In general, LLMs offer a diverse array of applications in both TCM clinical practice and medical education. Professionals in relevant fields should stay informed about advancements in AI technology and contemplate its potential applications.
We propose further evaluation of LLMs: a broader range of question formats, such as open-ended questions, could be employed to gain a more comprehensive understanding of their real-world applicability. Secondly, conducting evaluations with a larger question pool reduces uncertainty about perceptions of LLMs. In addition, refining the subjects under assessment (e.g. by sub-disciplines) will yield a more detailed insight into the model's capabilities, allowing for speculation on its application in specific medical scenarios.
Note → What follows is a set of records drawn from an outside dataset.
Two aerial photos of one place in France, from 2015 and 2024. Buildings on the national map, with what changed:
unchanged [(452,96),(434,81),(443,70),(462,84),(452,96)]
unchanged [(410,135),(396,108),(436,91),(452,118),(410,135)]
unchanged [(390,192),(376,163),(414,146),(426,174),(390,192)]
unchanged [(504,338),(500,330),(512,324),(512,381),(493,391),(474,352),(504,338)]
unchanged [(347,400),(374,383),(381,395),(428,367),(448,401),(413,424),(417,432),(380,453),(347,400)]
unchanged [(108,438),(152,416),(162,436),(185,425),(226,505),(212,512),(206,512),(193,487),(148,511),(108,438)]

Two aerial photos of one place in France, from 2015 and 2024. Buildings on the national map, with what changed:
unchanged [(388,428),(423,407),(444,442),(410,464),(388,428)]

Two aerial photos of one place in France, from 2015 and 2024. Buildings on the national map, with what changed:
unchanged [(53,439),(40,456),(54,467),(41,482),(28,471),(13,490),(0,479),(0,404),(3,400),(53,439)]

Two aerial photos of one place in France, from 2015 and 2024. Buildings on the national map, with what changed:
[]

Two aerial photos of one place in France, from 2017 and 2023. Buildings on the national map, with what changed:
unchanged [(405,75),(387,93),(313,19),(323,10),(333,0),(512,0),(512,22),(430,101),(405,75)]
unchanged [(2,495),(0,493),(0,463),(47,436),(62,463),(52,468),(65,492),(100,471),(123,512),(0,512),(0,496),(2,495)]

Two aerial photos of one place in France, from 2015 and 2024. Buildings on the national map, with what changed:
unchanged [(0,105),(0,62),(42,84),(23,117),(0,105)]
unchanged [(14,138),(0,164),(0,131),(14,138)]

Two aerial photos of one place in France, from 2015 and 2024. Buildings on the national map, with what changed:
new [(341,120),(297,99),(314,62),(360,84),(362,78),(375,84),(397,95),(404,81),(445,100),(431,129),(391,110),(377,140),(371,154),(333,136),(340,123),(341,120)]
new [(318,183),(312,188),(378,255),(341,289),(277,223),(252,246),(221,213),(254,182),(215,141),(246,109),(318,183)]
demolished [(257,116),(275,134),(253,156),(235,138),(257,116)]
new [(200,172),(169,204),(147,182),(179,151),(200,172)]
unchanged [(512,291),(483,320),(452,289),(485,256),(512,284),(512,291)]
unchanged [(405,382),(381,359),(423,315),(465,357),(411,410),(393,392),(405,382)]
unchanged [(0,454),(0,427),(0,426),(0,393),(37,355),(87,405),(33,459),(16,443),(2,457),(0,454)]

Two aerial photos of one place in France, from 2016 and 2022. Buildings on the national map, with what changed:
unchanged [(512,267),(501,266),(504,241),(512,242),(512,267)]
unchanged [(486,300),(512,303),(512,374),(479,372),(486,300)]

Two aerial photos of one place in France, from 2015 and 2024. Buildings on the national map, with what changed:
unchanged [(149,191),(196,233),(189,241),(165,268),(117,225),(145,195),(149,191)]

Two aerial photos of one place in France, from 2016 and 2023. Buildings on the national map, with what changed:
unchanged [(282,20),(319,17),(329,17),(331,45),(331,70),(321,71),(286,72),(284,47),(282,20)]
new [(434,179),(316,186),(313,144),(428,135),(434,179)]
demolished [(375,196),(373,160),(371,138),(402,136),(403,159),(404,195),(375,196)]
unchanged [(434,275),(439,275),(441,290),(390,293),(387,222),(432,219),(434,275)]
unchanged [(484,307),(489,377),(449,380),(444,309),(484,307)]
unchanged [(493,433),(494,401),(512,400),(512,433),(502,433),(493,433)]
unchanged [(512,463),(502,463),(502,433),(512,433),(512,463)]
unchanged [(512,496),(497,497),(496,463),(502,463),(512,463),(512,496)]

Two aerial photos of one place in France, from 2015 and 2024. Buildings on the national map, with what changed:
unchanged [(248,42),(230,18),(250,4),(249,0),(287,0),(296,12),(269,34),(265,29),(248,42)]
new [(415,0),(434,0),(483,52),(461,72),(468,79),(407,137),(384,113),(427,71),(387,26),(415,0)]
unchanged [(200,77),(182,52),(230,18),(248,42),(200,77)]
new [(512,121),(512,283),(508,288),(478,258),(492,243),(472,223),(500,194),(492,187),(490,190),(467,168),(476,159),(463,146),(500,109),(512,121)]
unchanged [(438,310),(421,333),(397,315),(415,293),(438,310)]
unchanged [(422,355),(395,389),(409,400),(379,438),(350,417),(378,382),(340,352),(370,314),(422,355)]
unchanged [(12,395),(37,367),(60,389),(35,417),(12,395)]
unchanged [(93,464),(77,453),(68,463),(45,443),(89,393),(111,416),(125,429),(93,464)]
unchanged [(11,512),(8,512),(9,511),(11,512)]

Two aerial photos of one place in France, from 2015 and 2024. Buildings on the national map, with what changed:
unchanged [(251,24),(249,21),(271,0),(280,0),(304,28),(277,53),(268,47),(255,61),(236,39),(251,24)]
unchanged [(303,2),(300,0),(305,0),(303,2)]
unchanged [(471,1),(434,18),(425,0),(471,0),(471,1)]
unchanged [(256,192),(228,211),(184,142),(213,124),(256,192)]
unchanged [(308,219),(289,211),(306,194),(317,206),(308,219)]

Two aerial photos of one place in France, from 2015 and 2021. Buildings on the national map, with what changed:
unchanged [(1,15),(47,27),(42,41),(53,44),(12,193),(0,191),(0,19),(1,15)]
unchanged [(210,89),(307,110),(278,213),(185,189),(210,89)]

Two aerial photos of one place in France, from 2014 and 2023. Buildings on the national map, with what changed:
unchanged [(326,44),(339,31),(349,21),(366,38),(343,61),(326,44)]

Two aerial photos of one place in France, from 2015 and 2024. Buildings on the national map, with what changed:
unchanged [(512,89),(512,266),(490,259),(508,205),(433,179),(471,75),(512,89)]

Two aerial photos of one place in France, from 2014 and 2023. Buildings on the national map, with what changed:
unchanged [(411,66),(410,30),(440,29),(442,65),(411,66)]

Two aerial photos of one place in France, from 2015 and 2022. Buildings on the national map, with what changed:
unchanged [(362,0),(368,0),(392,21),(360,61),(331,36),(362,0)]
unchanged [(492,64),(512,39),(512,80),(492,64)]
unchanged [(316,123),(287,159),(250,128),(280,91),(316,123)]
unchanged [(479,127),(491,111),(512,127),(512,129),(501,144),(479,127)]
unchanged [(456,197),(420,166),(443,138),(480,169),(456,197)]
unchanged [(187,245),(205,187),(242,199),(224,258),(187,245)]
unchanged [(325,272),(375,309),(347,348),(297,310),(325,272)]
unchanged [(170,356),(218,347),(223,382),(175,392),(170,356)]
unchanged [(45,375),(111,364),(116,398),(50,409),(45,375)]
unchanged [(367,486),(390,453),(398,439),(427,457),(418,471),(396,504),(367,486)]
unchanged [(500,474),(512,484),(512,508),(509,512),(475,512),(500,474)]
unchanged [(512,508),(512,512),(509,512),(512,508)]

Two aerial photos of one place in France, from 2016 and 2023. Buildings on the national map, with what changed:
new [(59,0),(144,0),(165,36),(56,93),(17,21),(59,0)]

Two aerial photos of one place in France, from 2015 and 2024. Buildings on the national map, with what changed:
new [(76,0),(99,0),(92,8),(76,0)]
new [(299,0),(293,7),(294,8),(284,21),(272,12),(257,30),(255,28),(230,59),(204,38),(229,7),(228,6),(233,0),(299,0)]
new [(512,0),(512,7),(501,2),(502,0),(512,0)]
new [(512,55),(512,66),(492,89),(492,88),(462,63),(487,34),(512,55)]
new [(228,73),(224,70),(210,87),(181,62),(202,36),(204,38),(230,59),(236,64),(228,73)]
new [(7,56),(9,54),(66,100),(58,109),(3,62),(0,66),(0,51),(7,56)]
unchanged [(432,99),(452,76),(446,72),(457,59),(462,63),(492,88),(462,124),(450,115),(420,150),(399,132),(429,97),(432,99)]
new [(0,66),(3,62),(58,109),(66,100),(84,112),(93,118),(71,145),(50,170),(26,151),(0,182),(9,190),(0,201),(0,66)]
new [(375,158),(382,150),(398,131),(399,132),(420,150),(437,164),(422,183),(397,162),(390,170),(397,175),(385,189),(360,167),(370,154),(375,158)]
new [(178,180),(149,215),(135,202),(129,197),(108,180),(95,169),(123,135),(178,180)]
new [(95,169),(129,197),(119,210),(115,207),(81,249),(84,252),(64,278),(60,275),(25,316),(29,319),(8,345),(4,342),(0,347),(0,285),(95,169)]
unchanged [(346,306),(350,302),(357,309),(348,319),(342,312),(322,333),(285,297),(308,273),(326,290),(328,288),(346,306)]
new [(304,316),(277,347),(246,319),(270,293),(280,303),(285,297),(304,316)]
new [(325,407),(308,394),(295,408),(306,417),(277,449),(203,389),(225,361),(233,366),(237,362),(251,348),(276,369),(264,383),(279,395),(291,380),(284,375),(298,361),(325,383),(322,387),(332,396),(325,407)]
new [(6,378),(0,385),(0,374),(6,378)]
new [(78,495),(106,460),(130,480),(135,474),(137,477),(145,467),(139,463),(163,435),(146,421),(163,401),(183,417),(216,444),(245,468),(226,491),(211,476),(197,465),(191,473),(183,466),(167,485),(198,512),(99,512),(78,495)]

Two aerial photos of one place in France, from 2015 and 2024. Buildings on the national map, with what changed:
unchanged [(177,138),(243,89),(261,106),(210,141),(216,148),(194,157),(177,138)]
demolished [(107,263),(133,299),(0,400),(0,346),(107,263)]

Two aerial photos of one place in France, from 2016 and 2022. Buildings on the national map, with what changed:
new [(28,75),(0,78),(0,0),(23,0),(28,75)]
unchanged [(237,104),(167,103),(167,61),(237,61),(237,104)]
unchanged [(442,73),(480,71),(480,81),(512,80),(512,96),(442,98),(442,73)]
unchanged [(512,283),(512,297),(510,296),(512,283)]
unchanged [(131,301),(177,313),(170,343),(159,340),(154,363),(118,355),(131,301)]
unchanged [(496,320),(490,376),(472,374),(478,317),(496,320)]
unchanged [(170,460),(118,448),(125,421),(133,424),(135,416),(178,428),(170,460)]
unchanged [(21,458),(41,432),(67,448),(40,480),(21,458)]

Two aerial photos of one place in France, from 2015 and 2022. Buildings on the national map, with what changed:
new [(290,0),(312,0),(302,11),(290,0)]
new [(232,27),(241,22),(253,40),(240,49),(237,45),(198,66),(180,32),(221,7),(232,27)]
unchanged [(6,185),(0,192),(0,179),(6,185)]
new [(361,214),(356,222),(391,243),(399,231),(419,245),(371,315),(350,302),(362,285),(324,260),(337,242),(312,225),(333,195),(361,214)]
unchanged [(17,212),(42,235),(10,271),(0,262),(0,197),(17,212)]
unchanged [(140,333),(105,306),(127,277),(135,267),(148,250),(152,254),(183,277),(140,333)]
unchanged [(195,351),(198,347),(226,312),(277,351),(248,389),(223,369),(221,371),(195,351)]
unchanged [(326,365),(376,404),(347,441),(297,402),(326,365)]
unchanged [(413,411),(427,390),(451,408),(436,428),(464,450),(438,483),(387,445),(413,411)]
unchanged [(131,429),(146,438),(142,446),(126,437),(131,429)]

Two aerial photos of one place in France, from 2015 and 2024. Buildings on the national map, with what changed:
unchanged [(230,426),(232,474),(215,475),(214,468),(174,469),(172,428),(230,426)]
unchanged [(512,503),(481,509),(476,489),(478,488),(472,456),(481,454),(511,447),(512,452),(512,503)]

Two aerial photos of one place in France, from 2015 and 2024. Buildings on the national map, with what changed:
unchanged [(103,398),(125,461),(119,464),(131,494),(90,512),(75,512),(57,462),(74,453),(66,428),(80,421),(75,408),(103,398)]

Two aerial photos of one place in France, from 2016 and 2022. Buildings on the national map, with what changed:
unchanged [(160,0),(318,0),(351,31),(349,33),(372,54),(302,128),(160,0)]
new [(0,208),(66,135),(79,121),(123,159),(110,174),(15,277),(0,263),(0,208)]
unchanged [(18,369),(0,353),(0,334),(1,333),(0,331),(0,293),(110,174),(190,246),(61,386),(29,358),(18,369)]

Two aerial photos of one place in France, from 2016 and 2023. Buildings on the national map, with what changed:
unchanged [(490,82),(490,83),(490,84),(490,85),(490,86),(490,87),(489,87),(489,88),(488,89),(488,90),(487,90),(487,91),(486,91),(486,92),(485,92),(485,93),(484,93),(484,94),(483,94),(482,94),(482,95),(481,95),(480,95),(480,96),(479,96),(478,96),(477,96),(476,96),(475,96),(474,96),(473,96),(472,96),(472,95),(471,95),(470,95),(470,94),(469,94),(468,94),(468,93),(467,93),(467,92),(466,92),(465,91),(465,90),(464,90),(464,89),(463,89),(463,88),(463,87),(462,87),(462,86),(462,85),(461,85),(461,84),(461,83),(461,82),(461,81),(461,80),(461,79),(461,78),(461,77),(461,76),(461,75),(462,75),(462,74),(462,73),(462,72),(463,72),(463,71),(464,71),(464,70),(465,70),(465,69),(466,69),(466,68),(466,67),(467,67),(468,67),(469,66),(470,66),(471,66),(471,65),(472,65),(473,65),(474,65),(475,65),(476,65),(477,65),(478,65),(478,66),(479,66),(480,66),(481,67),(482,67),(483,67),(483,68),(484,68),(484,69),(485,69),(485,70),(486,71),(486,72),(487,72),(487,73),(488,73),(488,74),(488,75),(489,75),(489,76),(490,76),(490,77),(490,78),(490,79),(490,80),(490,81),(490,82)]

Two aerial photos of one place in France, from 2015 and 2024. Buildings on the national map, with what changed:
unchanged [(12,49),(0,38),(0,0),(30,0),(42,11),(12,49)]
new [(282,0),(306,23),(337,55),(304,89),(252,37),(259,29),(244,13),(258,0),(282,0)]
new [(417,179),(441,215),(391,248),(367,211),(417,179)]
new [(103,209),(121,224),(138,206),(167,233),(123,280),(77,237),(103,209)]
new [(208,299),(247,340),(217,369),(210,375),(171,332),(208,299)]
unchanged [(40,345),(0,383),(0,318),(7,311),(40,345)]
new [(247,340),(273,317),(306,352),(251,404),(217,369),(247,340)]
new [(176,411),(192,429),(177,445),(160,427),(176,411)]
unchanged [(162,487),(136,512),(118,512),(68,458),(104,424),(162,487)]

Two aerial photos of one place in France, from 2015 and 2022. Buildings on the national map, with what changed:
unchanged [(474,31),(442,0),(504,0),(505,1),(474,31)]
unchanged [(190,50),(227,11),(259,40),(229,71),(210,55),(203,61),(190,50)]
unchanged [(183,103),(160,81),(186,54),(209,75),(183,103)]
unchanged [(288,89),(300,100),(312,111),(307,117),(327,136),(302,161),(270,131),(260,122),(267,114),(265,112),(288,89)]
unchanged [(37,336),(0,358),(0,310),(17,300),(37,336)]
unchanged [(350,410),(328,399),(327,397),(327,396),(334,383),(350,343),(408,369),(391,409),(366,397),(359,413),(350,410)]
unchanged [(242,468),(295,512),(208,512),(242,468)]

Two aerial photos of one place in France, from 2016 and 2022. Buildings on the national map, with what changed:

A more thorough evaluation will enable LLMs to be more precisely situated within medical practice, encouraging their improvement and quick iteration. With training on a larger dataset of high-quality Chinese medical information (such as medical literature and electronic medical records), a Chinese LLM like Ernie Bot could achieve even greater performance, significantly improving its applicability in TCM.
Limitations
This study had the following limitations. Firstly, the postgraduate examination evaluated the basic competence of TCM students comprehensively but did not include a more detailed specialist assessment. Moreover, the exam exclusively comprised objective questions and did not include any subjective questions. Second, this study only explored how LLMs performed on cross-sectional data. However, the exam content differs annually, leading to corresponding changes in passing scores.